**WHAT THE EXERCISE ASKS**: Lines before the one containing "The person follows" are not wanted. Transcribe that line and all after it exactly, to the end of the entries.

Recorded data:
Start of Block
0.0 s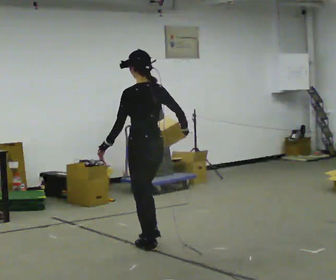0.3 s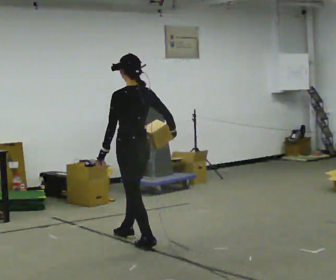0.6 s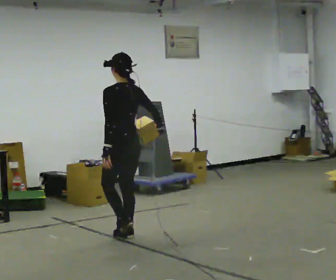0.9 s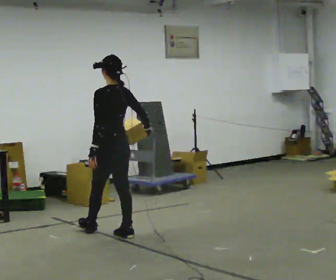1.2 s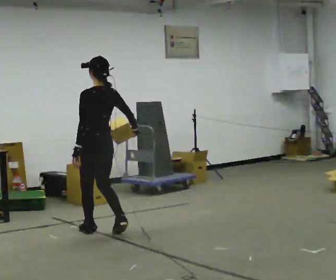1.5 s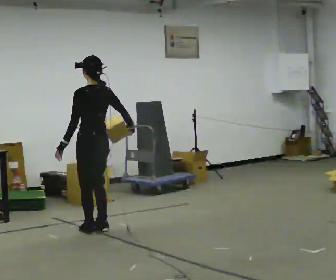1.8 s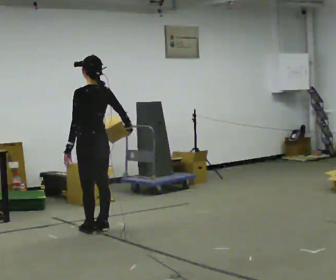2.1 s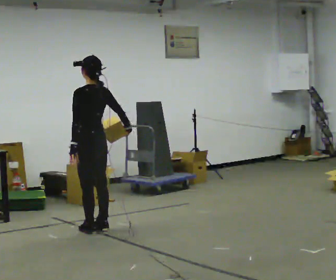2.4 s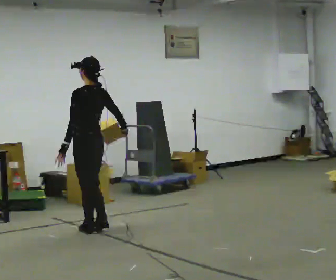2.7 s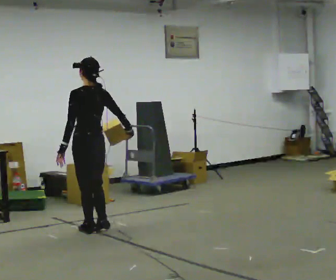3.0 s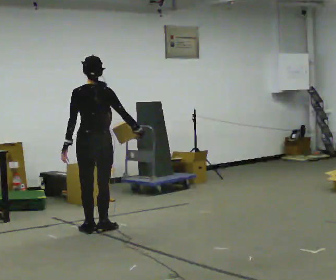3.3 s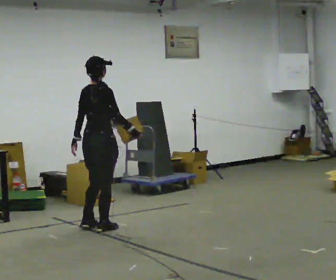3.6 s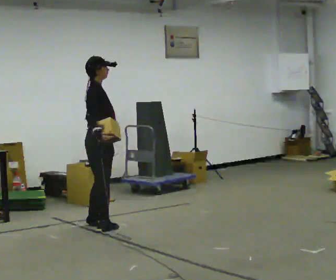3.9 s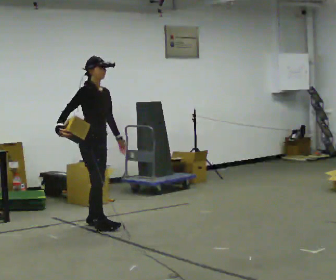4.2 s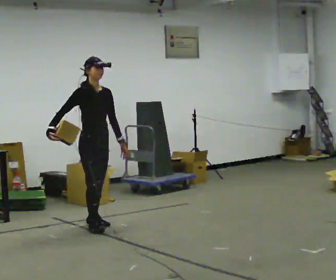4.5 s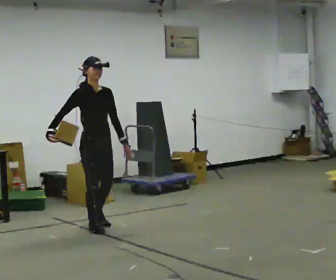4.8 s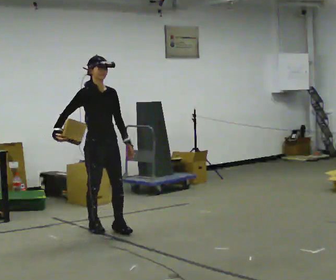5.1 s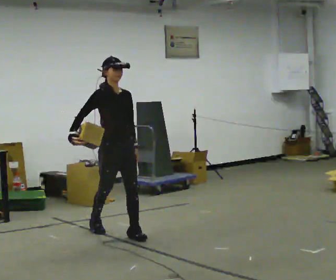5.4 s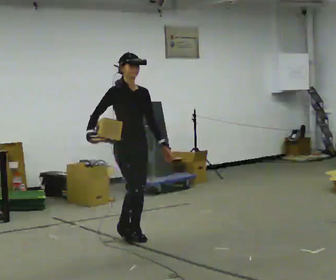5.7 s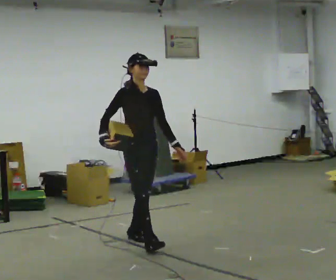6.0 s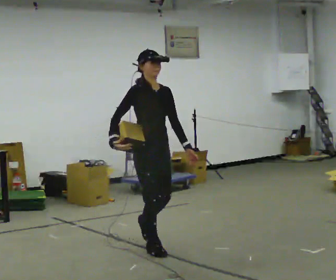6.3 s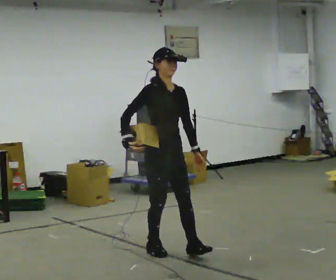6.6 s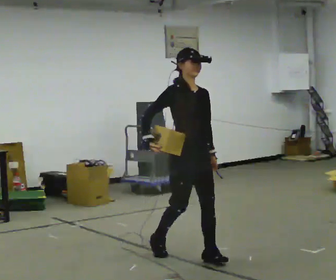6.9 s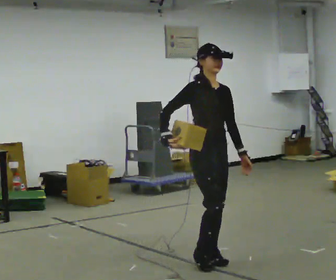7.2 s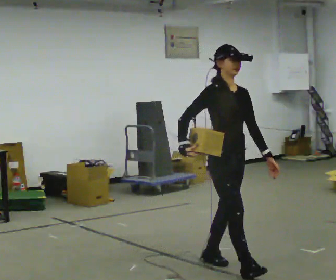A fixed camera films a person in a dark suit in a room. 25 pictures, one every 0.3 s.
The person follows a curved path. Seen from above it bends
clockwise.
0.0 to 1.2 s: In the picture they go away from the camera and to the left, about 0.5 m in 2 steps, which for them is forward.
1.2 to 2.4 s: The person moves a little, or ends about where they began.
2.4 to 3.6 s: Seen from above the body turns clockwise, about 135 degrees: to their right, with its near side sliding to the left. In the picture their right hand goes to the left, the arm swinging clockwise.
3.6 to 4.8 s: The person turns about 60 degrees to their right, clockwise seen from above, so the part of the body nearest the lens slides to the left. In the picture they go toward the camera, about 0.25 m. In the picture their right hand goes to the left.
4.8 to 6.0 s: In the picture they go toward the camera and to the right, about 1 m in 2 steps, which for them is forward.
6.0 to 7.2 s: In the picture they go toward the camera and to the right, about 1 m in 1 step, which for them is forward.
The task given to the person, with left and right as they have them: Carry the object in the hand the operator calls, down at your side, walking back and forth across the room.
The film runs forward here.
End of Block
**EXPECTED OUTPUT**:
The person follows a curved path. Seen from above it bends
clockwise.
0.0 to 1.2 s: In the picture they go away from the camera and to the left, about 0.5 m in 2 steps, which for them is forward.
1.2 to 2.4 s: The person moves a little, or ends about where they began.
2.4 to 3.6 s: Seen from above the body turns clockwise, about 135 degrees: to their right, with its near side sliding to the left. In the picture their right hand goes to the left, the arm swinging clockwise.
3.6 to 4.8 s: The person turns about 60 degrees to their right, clockwise seen from above, so the part of the body nearest the lens slides to the left. In the picture they go toward the camera, about 0.25 m. In the picture their right hand goes to the left.
4.8 to 6.0 s: In the picture they go toward the camera and to the right, about 1 m in 2 steps, which for them is forward.
6.0 to 7.2 s: In the picture they go toward the camera and to the right, about 1 m in 1 step, which for them is forward.
The task given to the person, with left and right as they have them: Carry the object in the hand the operator calls, down at your side, walking back and forth across the room.
The film runs forward here.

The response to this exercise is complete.